#### Task to complete:
Please count how many lines below contain the word "stop" and give nothing but that figure.

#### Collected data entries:
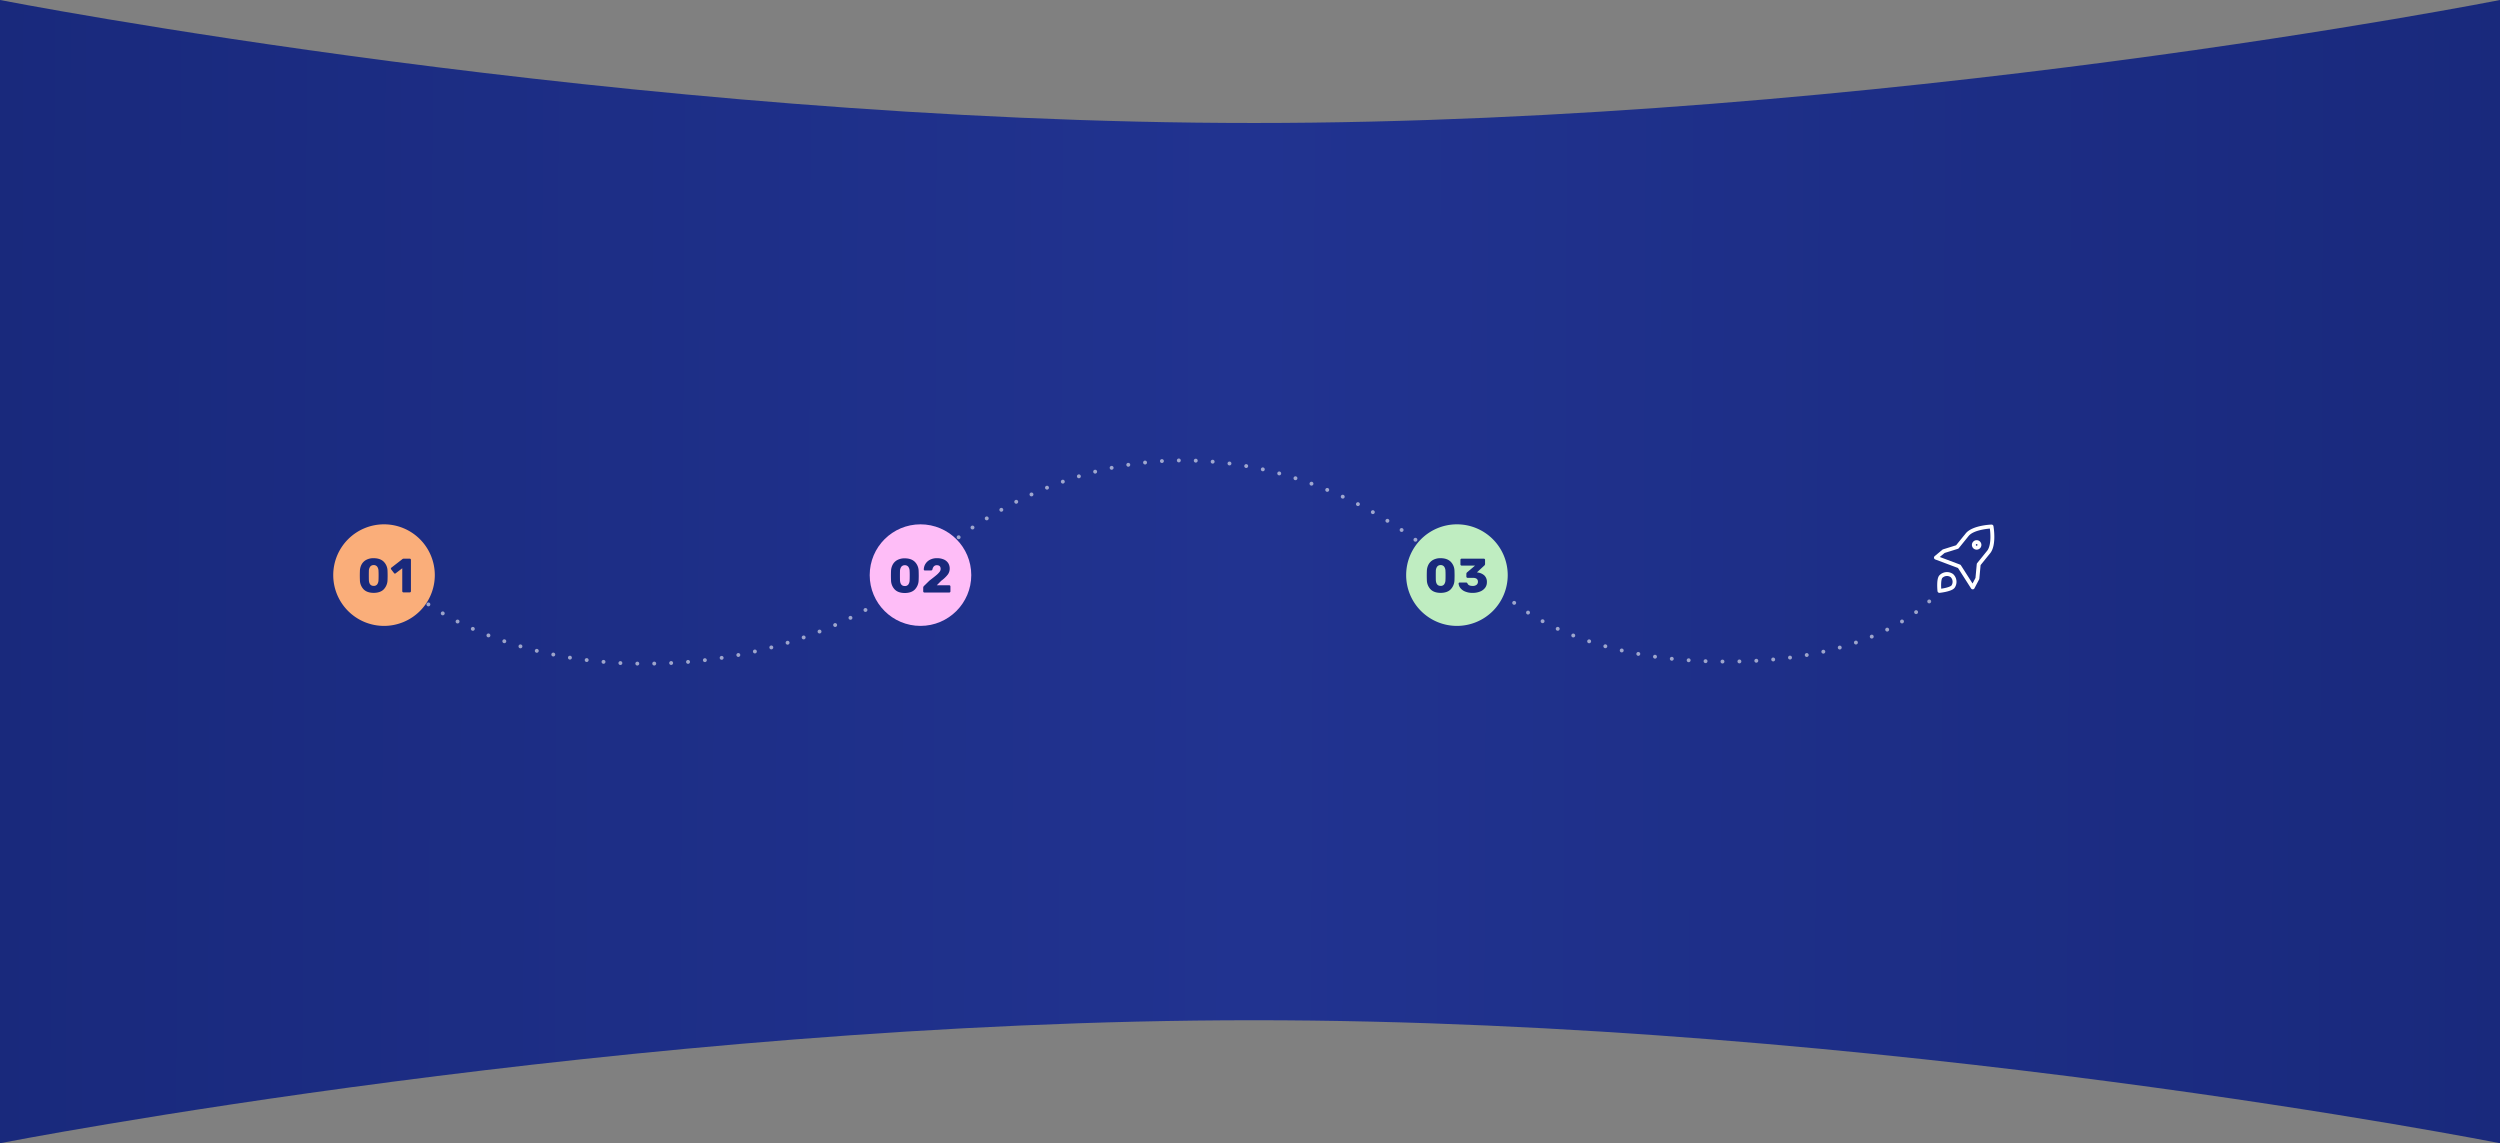 <svg xmlns="http://www.w3.org/2000/svg" xmlns:xlink="http://www.w3.org/1999/xlink" width="1920" height="878" viewBox="0 0 1920 878">
  <rect x="0" y="0" width="1920" height="878" fill="#808080" stroke="none"/>
  <defs>
    <linearGradient id="linear-gradient" y1="0.465" x2="1" y2="0.467" gradientUnits="objectBoundingBox">
      <stop offset="0" stop-color="#19297c"/>
      <stop offset="0.5" stop-color="#213390"/>
      <stop offset="1" stop-color="#19297c"/>
    </linearGradient>
  </defs>
  <g id="EN" transform="translate(0 -1783)">
    <g id="Group_52858" data-name="Group 52858">
      <g id="Group_52836" data-name="Group 52836">
        <path id="Union_14" data-name="Union 14" d="M648,783.545C168,783.545-315,878-315,878V0S168,94.455,648,94.455,1605,0,1605,0V878S1128,783.545,648,783.545Z" transform="translate(315 1783)" fill="url(#linear-gradient)"/>
        <g id="Group_52251" data-name="Group 52251" transform="translate(-79 72.134)">
          <g id="Group_52246" data-name="Group 52246" transform="translate(0 4.762)">
            <g id="Group_52217" data-name="Group 52217" transform="translate(0 -403.147)">
              <g id="Group_51980" data-name="Group 51980" transform="translate(469.275 -1895.636) rotate(13)" opacity="0">
                <g id="Group_51911" data-name="Group 51911" transform="translate(749.719 4275.234)">
                  <circle id="Ellipse_858" data-name="Ellipse 858" cx="13.5" cy="13.5" r="13.5" transform="translate(4.647 19.205)" fill="#eaac8b"/>
                  <circle id="Ellipse_857" data-name="Ellipse 857" cx="9.406" cy="9.406" r="9.406" transform="translate(87.604 0)" fill="#9be7a7"/>
                  <circle id="Ellipse_854" data-name="Ellipse 854" cx="12.336" cy="12.336" r="12.336" transform="translate(33.027 76.108)" fill="#febdf7"/>
                </g>
              </g>
              <g id="Group_51952" data-name="Group 51952" transform="translate(45 -1897.454)" opacity="0">
                <g id="Ellipse_846" data-name="Ellipse 846" transform="translate(687 4078)" fill="none" stroke="#707070" stroke-width="1" opacity="0.13">
                  <circle cx="228" cy="228" r="228" stroke="none"/>
                  <circle cx="228" cy="228" r="227.5" fill="none"/>
                </g>
                <g id="Ellipse_847" data-name="Ellipse 847" transform="translate(1098 4380)" fill="none" stroke="#707070" stroke-width="1" opacity="0.13">
                  <circle cx="228" cy="228" r="228" stroke="none"/>
                  <circle cx="228" cy="228" r="227.5" fill="none"/>
                </g>
                <g id="Ellipse_848" data-name="Ellipse 848" transform="translate(266 4350)" fill="none" stroke="#707070" stroke-width="1" opacity="0.13">
                  <circle cx="243" cy="243" r="243" stroke="none"/>
                  <circle cx="243" cy="243" r="242.5" fill="none"/>
                </g>
              </g>
              <path id="Path_43728" data-name="Path 43728" d="M39,0A39,39,0,1,1,0,39,39,39,0,0,1,39,0Z" transform="translate(302 2510.9)" fill="none"/>
            </g>
          </g>
        </g>
      </g>
    </g>
    <g id="PROCESS_VAWE" data-name="PROCESS VAWE" transform="translate(255.931 2136.594)">
      <path id="Path_44443" data-name="Path 44443" d="M1191.9,10.757c-17.593,16.269-62.79,46.215-155.977,46.215C907.391,56.972,859.99,0,859.99,0l-40.2-17.948s-80.6-80.4-203-79.6-203,86.8-203,86.8L392.99,6.039s-68.533,52-185.333,52.534S29.79,6.039,29.79,6.039l-20-16.788" transform="translate(33.81 97.554)" fill="none" stroke="#fff" stroke-linecap="round" stroke-width="3" stroke-dasharray="0 13" opacity="0.57" style="mix-blend-mode: screen;isolation: isolate"/>
      <g id="Group_53019" data-name="Group 53019" transform="translate(0 49.093)">
        <path id="Path_43829" data-name="Path 43829" d="M39,0A39,39,0,1,0,78,39,39,39,0,0,0,39,0Z" transform="translate(0)" fill="#faae7a"/>
        <path id="Path_43745" data-name="Path 43745" d="M-31.006.37Q-36.112.333-38.739-2.35A10.442,10.442,0,0,1-41.588-9.4q-.074-2-.074-3.552,0-1.591.074-3.663a11.266,11.266,0,0,1,1.35-4.939A8.719,8.719,0,0,1-36.7-24.994a11.721,11.721,0,0,1,5.7-1.276q4.995.037,7.7,2.7a10.114,10.114,0,0,1,2.923,6.956q.074,2.072.074,3.663,0,1.554-.074,3.552A10.587,10.587,0,0,1-23.273-2.35Q-25.9.333-31.006.37Zm0-5.365a3.189,3.189,0,0,0,2.719-1.2,5.87,5.87,0,0,0,.98-3.385q.074-1.073.074-3.441t-.074-3.367a5.924,5.924,0,0,0-.962-3.33,3.246,3.246,0,0,0-2.738-1.258,3.259,3.259,0,0,0-2.719,1.258,5.829,5.829,0,0,0-.98,3.33q-.037,1-.037,3.367t.037,3.441Q-34.521-5-31.006-5ZM-8.14,0a.887.887,0,0,1-.647-.277.887.887,0,0,1-.277-.647V-18.537l-5.069,3.885a.839.839,0,0,1-.555.222.934.934,0,0,1-.74-.444l-2.183-2.849a1.059,1.059,0,0,1-.185-.555.843.843,0,0,1,.444-.777l8.51-6.586a1.622,1.622,0,0,1,.888-.259H-3.33a.9.9,0,0,1,.666.259.9.9,0,0,1,.259.666V-.925a.919.919,0,0,1-.259.647A.87.87,0,0,1-3.33,0Z" transform="translate(62.067 52.27)" fill="#19297c"/>
      </g>
      <g id="Group_52854" data-name="Group 52854" transform="translate(412 49.093)">
        <ellipse id="Ellipse_643" data-name="Ellipse 643" cx="39" cy="39" rx="39" ry="39" transform="translate(0)" fill="#febdf7"/>
        <path id="Path_43744" data-name="Path 43744" d="M-12.062.37Q-17.168.333-19.8-2.35A10.442,10.442,0,0,1-22.644-9.4q-.074-2-.074-3.552,0-1.591.074-3.663a11.266,11.266,0,0,1,1.35-4.939,8.719,8.719,0,0,1,3.533-3.441,11.721,11.721,0,0,1,5.7-1.276q4.995.037,7.7,2.7a10.114,10.114,0,0,1,2.923,6.956q.074,2.072.074,3.663,0,1.554-.074,3.552A10.587,10.587,0,0,1-4.329-2.35Q-6.956.333-12.062.37Zm0-5.365A3.189,3.189,0,0,0-9.343-6.2a5.87,5.87,0,0,0,.98-3.385q.074-1.073.074-3.441t-.074-3.367a5.924,5.924,0,0,0-.962-3.33,3.246,3.246,0,0,0-2.738-1.258,3.259,3.259,0,0,0-2.719,1.258,5.829,5.829,0,0,0-.98,3.33q-.037,1-.037,3.367t.037,3.441Q-15.577-5-12.062-5ZM3.034,0a.965.965,0,0,1-.684-.259.87.87,0,0,1-.277-.666V-3.552A2.179,2.179,0,0,1,3-5.365L6.845-9.139q3.367-2.59,5.106-4.033A16.355,16.355,0,0,0,14.577-15.8a3.814,3.814,0,0,0,.888-2.257q0-2.923-2.886-2.923a2.971,2.971,0,0,0-2.331.907A4.607,4.607,0,0,0,9.176-17.8a1.135,1.135,0,0,1-1.258.851H3.293a.753.753,0,0,1-.555-.222.753.753,0,0,1-.222-.555,8.551,8.551,0,0,1,1.313-4.347,8.73,8.73,0,0,1,3.515-3.145,11.326,11.326,0,0,1,5.235-1.166,12.918,12.918,0,0,1,5.328,1,7.486,7.486,0,0,1,3.367,2.812,7.72,7.72,0,0,1,1.147,4.218,7.636,7.636,0,0,1-1.609,4.717,25.05,25.05,0,0,1-4.9,4.606l-3.4,3.441h9.509a.965.965,0,0,1,.684.259.87.87,0,0,1,.277.666V-.925a.87.87,0,0,1-.277.666A.965.965,0,0,1,22.014,0Z" transform="translate(39.023 52.381)" fill="#19297c"/>
      </g>
      <g id="deploy" transform="matrix(-0.995, 0.105, -0.105, -0.995, 1281.069, 99.862)">
        <path id="Path_43704" data-name="Path 43704" d="M.073,44.956s13.979.985,19.267-4.282c.054-.075,8.563-8.563,8.563-8.563l10.7-2.141,6.422-4.282L27.9,17.126,19.34,0,15.058,6.422l-2.141,10.7s-8.488,8.509-8.563,8.563C-.912,30.977.073,44.956.073,44.956ZM12.917,29.971a2.141,2.141,0,1,1-2.141,2.141A2.14,2.14,0,0,1,12.917,29.971ZM34.325,10.7a6.511,6.511,0,0,0,8.563,0C45.029,8.563,45.029,0,45.029,0s-8.563,0-10.7,2.141A6.511,6.511,0,0,0,34.325,10.7Z" transform="translate(2.232 4.622)" fill="none" stroke="#fff" stroke-linecap="round" stroke-linejoin="round" stroke-width="3"/>
        <path id="Path_43705" data-name="Path 43705" d="M51.883,51.883H0V0H51.883Z" transform="translate(0 0)" fill="none"/>
      </g>
      <g id="Group_53020" data-name="Group 53020" transform="translate(824 49.094)">
        <path id="Path_43727" data-name="Path 43727" d="M39,0A39,39,0,1,0,78,39,39,39,0,0,0,39,0Z" transform="translate(0)" fill="#bfedc1"/>
        <path id="Path_43743" data-name="Path 43743" d="M-12.228.37Q-17.334.333-19.961-2.35A10.442,10.442,0,0,1-22.81-9.4q-.074-2-.074-3.552,0-1.591.074-3.663a11.265,11.265,0,0,1,1.351-4.939,8.719,8.719,0,0,1,3.534-3.441,11.721,11.721,0,0,1,5.7-1.276q5,.037,7.7,2.7a10.114,10.114,0,0,1,2.923,6.956q.074,2.072.074,3.663,0,1.554-.074,3.552A10.587,10.587,0,0,1-4.5-2.35Q-7.122.333-12.228.37Zm0-5.365a3.189,3.189,0,0,0,2.72-1.2,5.87,5.87,0,0,0,.981-3.385q.074-1.073.074-3.441t-.074-3.367a5.923,5.923,0,0,0-.962-3.33,3.246,3.246,0,0,0-2.738-1.258,3.259,3.259,0,0,0-2.72,1.258,5.829,5.829,0,0,0-.981,3.33q-.037,1-.037,3.367t.037,3.441Q-15.743-5-12.228-5ZM12.414.37A14.423,14.423,0,0,1,6.4-.74,8.7,8.7,0,0,1,2.812-3.5a6.19,6.19,0,0,1-1.24-3.311.724.724,0,0,1,.241-.555.817.817,0,0,1,.574-.222H7.234a1.331,1.331,0,0,1,.666.148,1.372,1.372,0,0,1,.481.555q.74,1.924,4.033,1.924a4.5,4.5,0,0,0,2.942-.869A2.926,2.926,0,0,0,16.41-8.214q0-2.96-3.848-2.96H8.455a.887.887,0,0,1-.648-.277A.887.887,0,0,1,7.53-12.1v-2.072a1.48,1.48,0,0,1,.592-1.258l6.068-5.143H3.9a.887.887,0,0,1-.648-.277.887.887,0,0,1-.278-.647v-3.478a.87.87,0,0,1,.278-.666A.919.919,0,0,1,3.9-25.9h17.02a.965.965,0,0,1,.685.259.87.87,0,0,1,.278.666v3.145a1.576,1.576,0,0,1-.592,1.221L15.67-15.392l.259.074a9.511,9.511,0,0,1,5.384,2.275,6.779,6.779,0,0,1,1.98,5.235,6.953,6.953,0,0,1-1.406,4.329A8.94,8.94,0,0,1,18-.629,14.836,14.836,0,0,1,12.414.37Z" transform="translate(38.709 52.27)" fill="#19297c"/>
      </g>
    </g>
  </g>
</svg>

#### Solution to the problem:
3